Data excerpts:
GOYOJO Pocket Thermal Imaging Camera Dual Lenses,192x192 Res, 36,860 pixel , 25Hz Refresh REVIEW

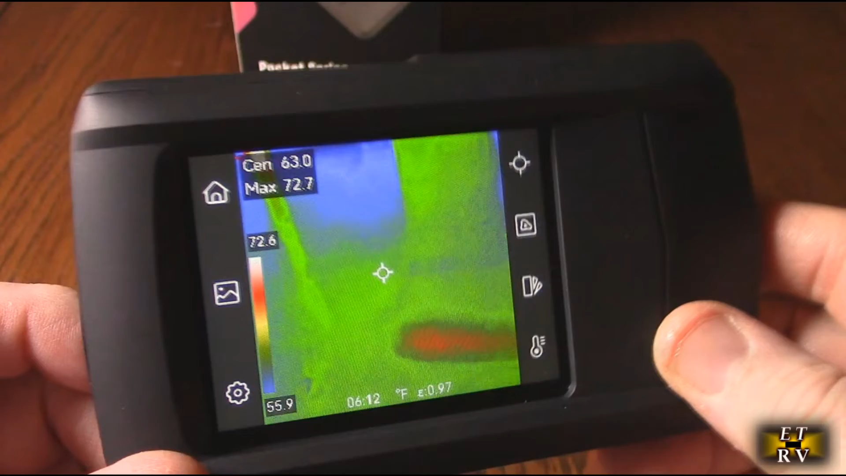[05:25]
On screen: spot 63.0°F, max 72.7°F, scale top 72.6°F, scale bottom 55.9°F
veterinarian scanners and even scuba tanks so they've been around for about 10-12
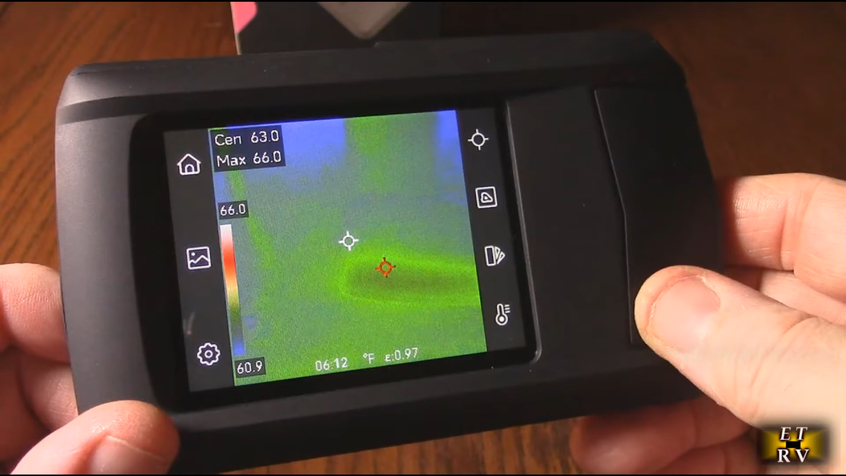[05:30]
On screen: max 66.0°F, scale top 66.0°F, scale bottom 60.9°F
years they make some amazing products so let's go over some of the features of this
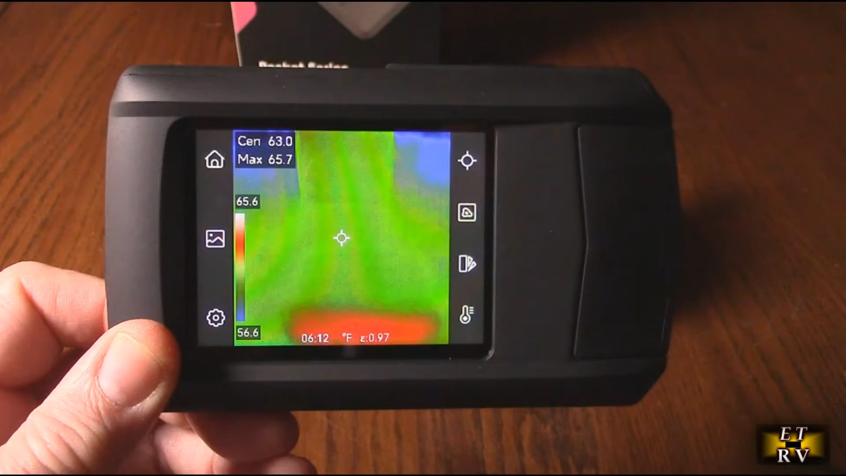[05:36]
On screen: max 65.7°F, scale top 65.6°F, scale bottom 56.6°F
before I forget it also comes with a little holder so that you could attach it and have
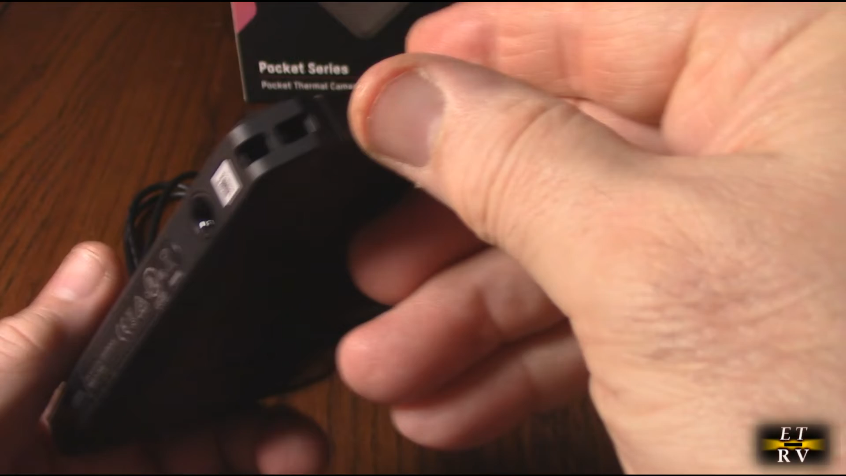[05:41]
it right there and it has a quarter 20 tripod mount which we're going to show that's
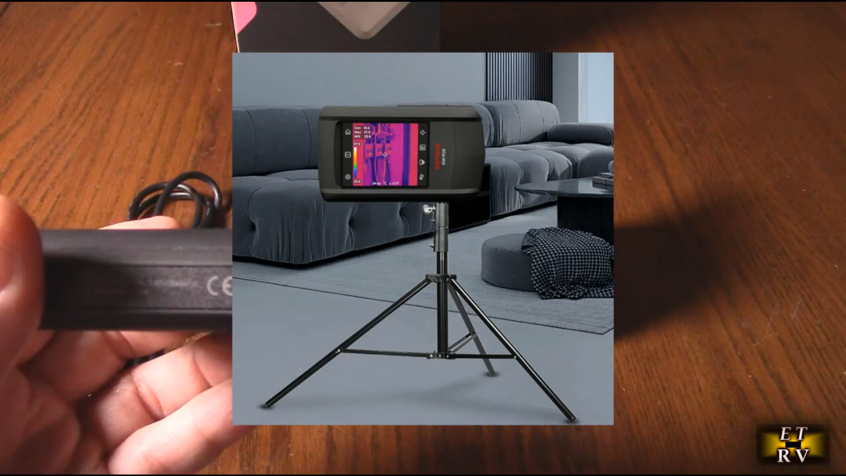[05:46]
really nice so that you can get some really stable imagery and videos of something you're
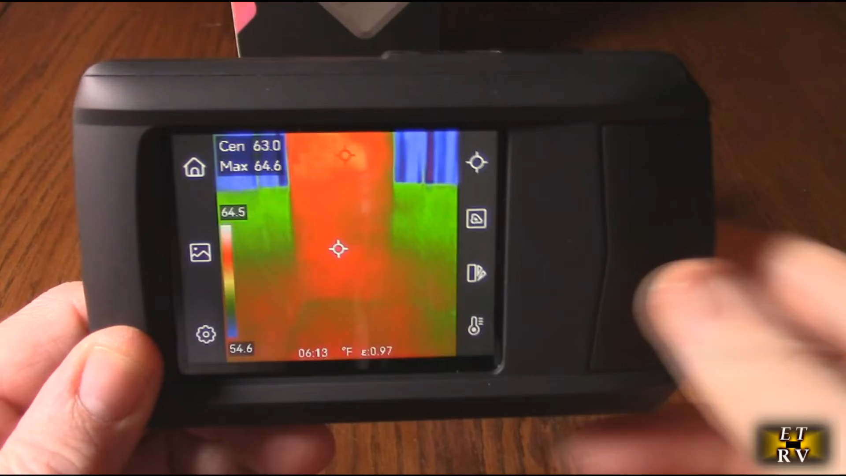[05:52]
On screen: max 64.6°F, scale top 64.5°F, scale bottom 54.6°F
measuring thermally it also comes with a basic manual showing you how to use a display
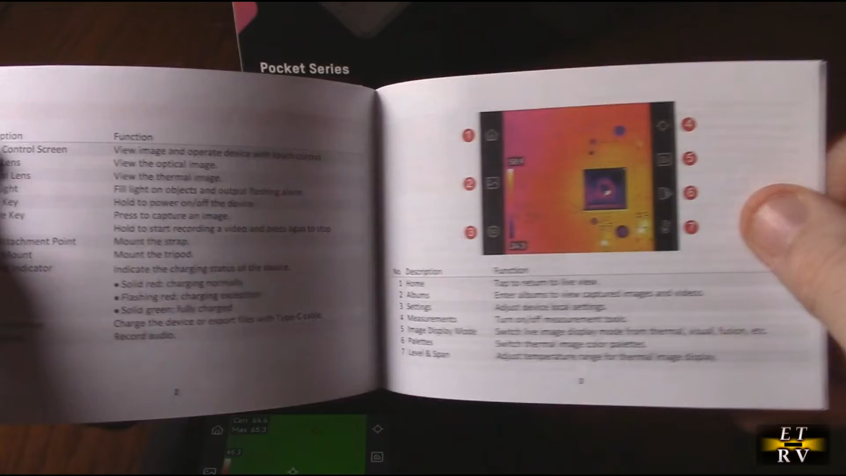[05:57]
that what I would recommend is you keep this video when you buy this so you see how
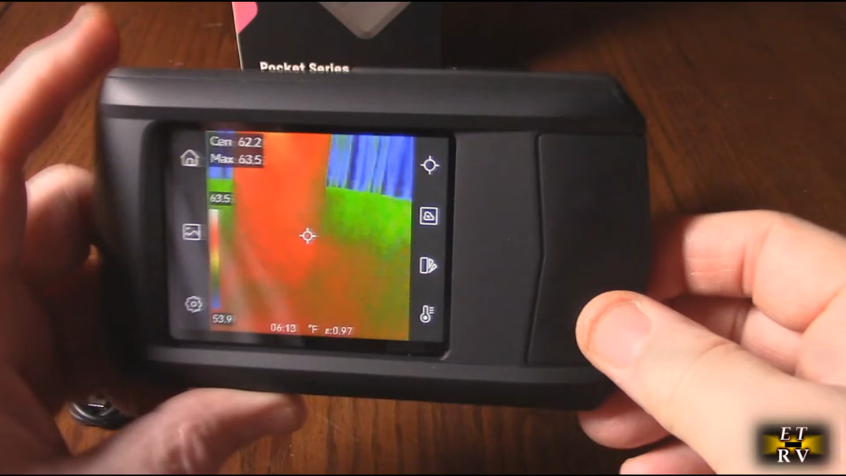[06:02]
On screen: max 63.5°F, scale top 63.5°F, scale bottom 53.9°F
to operate it but it's really simple it's all menu driven so once you play with the menu
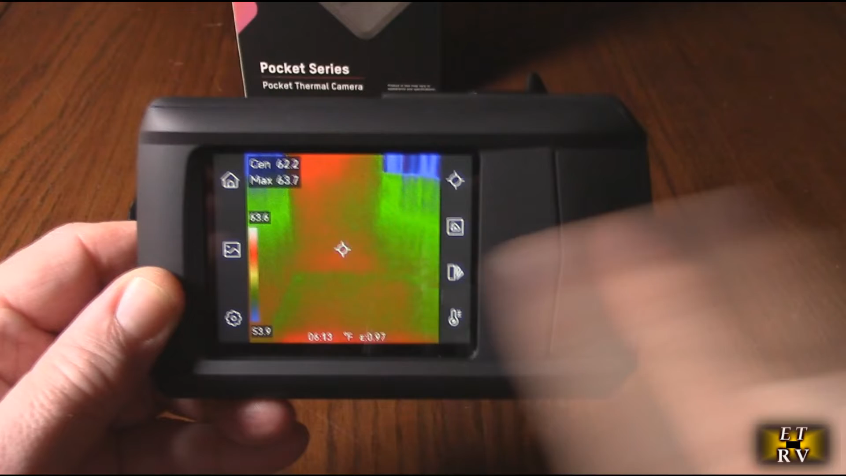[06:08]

Task directions =>
Print the records exactly and omit all pictures.

Output below =>
GOYOJO Pocket Thermal Imaging Camera Dual Lenses,192x192 Res, 36,860 pixel , 25Hz Refresh REVIEW

[05:25]
On screen: spot 63.0°F, max 72.7°F, scale top 72.6°F, scale bottom 55.9°F
veterinarian scanners and even scuba tanks so they've been around for about 10-12
[05:30]
On screen: max 66.0°F, scale top 66.0°F, scale bottom 60.9°F
years they make some amazing products so let's go over some of the features of this
[05:36]
On screen: max 65.7°F, scale top 65.6°F, scale bottom 56.6°F
before I forget it also comes with a little holder so that you could attach it and have
[05:41]
it right there and it has a quarter 20 tripod mount which we're going to show that's
[05:46]
really nice so that you can get some really stable imagery and videos of something you're
[05:52]
On screen: max 64.6°F, scale top 64.5°F, scale bottom 54.6°F
measuring thermally it also comes with a basic manual showing you how to use a display
[05:57]
that what I would recommend is you keep this video when you buy this so you see how
[06:02]
On screen: max 63.5°F, scale top 63.5°F, scale bottom 53.9°F
to operate it but it's really simple it's all menu driven so once you play with the menu
[06:08]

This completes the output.